Problem description: Go through the entries below and copy each line containing the word "Nancy".

Items listed in a dataset:
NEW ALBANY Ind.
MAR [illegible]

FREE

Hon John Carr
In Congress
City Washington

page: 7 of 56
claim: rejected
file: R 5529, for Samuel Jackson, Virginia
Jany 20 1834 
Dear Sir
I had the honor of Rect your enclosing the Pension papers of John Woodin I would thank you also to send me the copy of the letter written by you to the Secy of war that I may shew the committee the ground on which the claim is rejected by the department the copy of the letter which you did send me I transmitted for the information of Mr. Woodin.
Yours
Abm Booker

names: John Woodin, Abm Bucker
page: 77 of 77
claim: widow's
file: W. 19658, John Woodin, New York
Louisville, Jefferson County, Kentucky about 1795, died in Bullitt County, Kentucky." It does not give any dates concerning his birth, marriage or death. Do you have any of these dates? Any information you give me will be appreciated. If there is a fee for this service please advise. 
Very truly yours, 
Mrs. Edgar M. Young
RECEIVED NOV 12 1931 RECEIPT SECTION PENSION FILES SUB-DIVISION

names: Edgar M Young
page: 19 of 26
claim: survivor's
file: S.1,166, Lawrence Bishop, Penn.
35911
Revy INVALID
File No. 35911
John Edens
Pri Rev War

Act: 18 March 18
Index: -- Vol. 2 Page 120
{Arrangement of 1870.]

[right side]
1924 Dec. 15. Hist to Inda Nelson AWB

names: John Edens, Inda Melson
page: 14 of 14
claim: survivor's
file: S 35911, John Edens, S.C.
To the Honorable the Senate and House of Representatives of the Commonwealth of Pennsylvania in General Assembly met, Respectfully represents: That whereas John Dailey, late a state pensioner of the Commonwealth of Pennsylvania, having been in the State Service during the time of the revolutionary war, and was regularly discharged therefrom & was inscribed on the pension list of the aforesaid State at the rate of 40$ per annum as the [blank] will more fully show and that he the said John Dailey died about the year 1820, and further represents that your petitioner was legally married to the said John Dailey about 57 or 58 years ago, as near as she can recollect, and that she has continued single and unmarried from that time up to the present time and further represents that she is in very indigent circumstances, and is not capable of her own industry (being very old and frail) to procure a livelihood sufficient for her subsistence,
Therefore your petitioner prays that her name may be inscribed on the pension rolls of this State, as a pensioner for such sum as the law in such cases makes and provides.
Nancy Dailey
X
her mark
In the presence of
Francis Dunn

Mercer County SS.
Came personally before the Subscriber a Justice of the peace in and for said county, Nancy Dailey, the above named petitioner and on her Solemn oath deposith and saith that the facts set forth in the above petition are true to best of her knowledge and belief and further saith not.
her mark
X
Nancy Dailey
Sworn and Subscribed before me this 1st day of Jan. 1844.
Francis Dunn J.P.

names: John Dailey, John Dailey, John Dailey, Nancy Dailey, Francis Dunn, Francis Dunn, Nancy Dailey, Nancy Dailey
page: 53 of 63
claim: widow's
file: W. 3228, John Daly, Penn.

Solution to the exercise:
Nancy Dailey
Came personally before the Subscriber a Justice of the peace in and for said county, Nancy Dailey, the above named petitioner and on her Solemn oath deposith and saith that the facts set forth in the above petition are true to best of her knowledge and belief and further saith not.
Nancy Dailey
names: John Dailey, John Dailey, John Dailey, Nancy Dailey, Francis Dunn, Francis Dunn, Nancy Dailey, Nancy Dailey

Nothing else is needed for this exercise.